3.3.2 Implementation method and process
The GBEEI program under GBE strategy recognised EPC as the cost-effective energy efficiency investment in SA Government buildings. The retrofitting process under the GBEEI program is presented in Fig. 2. (
Department of State Development, 2016). Funding is available from the Department of Treasury and Finance (DTF) to implement the identified energy efficiency opportunities that fulfill the above-mentioned payback requirement subject to the final approval of the Treasurer.
Similar to the GGB and GREP program, a central facilitation service is available from the Department of State Development (DSD) to help the agencies throughout the retrofitting process in their buildings. The Central Facilitation Service includes representatives from DTF and the Department of Planning, Transport, and Infrastructure to support the agencies. In addition, a list of qualified ESCOs with required competencies in delivering energy performance contracting projects is also available from the website of DSD. The facilitation service team is responsible for maintaining the list of qualified ESCOs. The pre-qualified ESCOs have demonstrated required competencies, previous experience in delivering EPC projects, and/or attained Energy Efficiency Certification Scheme accreditation.

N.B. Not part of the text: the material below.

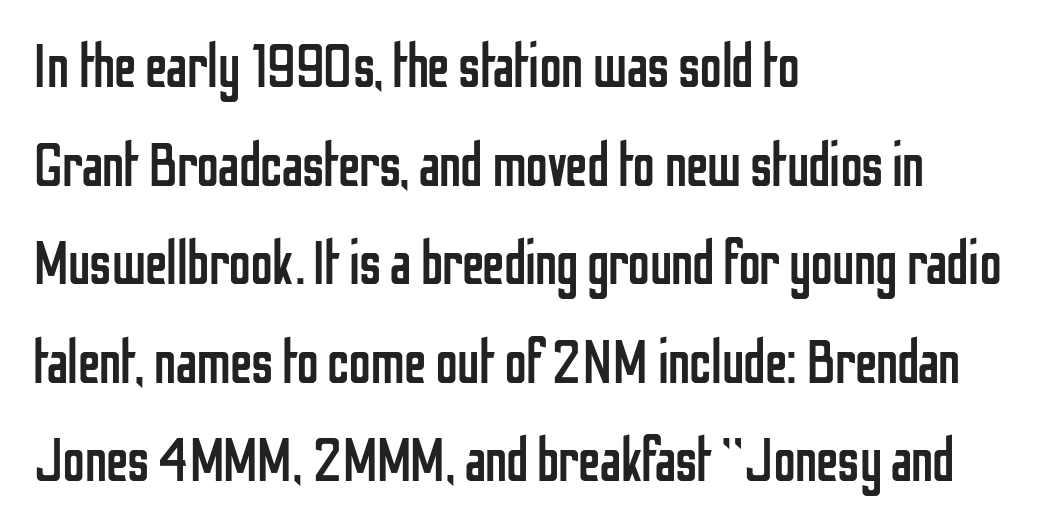
The image shows 62 px regular-weight, condensed sans-serif type, upright; set left-aligned, normal line spacing (1.59x), normal letter spacing, not underlined; low stroke contrast and a medium x-height.

The process of delivering energy efficiency project using EPC is similar to the process in GGB in Victoria and therefore, is not repeated here. However, the templates, checklists, and requirements are adjusted according to the need of South Australia.
3.3.3 Current progress
According to the annual energy efficiency report (AEER) of 2014–2015, the energy efficiency of South Australian government-owned and leased buildings improved by 22.1% compared to the 2000–2001 baseline (
Department of State Development, 2015). Although the improvement is less than the 2013–2014 improvement of 23.8%, it is on track to meet the 2020 milestone of 30%. The decrease in efficiency in 2014–2015 compared to the 2013–2014 may be attributable in part to the weather patterns for the year. The months of August 2014 and April through to June 2015 recorded lower than average temperatures, while November 2014 through to March 2015 were above average. In 2014–2015, 80% of the office floor space leased by the government in CBD buildings had been reported to have NABERS energy rating of 4 or more stars (
Department of State Development, 2015).
3.4 Western Australia: Energy Smart Government
3.4.1 Relevant policies and targets
The Energy Smart Government (ESG) program is Western Australian government initiative to focus on energy efficiency within government buildings. The program was established in 2002 to reduce the costs of energy consumption in government buildings and to be an example for driving change in the general community and business (Western Australian Auditor, 2010). The first phase of the ESG program was finished in 2007 and second phase started one year after. The requirements of the ESG program were communicated to agencies through a Premier’s Circular. In the first phase, the ESG policy requires the government agencies with 25 or more full-time employees to reduce energy consumption by 12% over five year period from 2002–2007 (Western Australian Auditor, 2010). In the second phase that started from 2008, the absolute consumption reduction target for all government agencies was replaced by agencies determining their own energy intensity targets (
Department of Premier and Cabinet, 2008). At this stage, no information is available about the current status of the second phase of ESG program.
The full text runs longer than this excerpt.